As of today, Croatia is a member of the Euro countries and joins the Schengen Area. This means that travelers from one of the other 26 so-called Schengen countries no longer have to go through passport control and payments can be made in euros.
Anyone traveling to Croatia from a Euro country by car or train will not be required to have a passport. This still applies to the plane. Passport control will be lifted at the end of March. The same is true in reverse for the nearly 4 million Croats.
Ministers from Croatia and Slovenia jointly symbolically opened the barrier at the border between the two countries tonight:
Croatia celebrates the introduction of the euro and the abolition of passport controls
The new currency offers economic benefits to residents. This makes trading with countries that also use the euro as a method of payment easier. “We have opened our doors to Europe. This goes beyond the abolition of border controls, it is the final affirmation of our European identity,” said Interior Minister Davor Bozinović.

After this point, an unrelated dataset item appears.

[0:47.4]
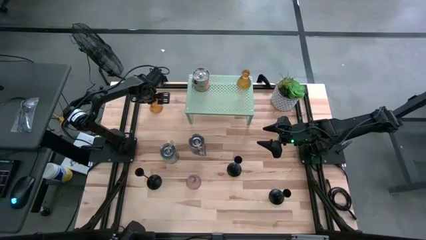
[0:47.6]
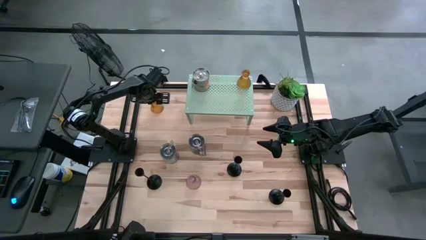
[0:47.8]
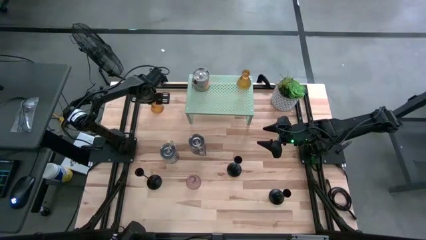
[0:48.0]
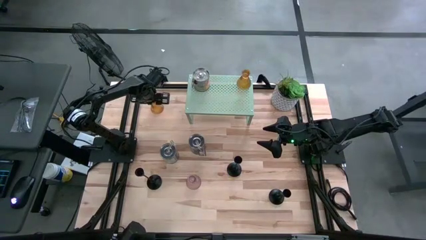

Croatia has been a member of the European Union for nearly ten years, but the euro has not yet been introduced. The country first had to meet stringent economic requirements regarding inflation and the national debt, among other things. The European Commission ruled last year that the country complied, so permission to exchange kuna for euros was granted. The original national currency can still be used all year round.
Croatia is the twentieth country in which it is possible to pay in euros. Ultimately, the idea is that all EU countries will adopt the euro. Denmark made an exception.
The Croatian 2 euro currency shows the country map. The 1 euro coin features SMART, the national symbol. The 50, 20 and 10 cent coins resemble Serbian inventor Nikola Tesla, who was born in Croatia.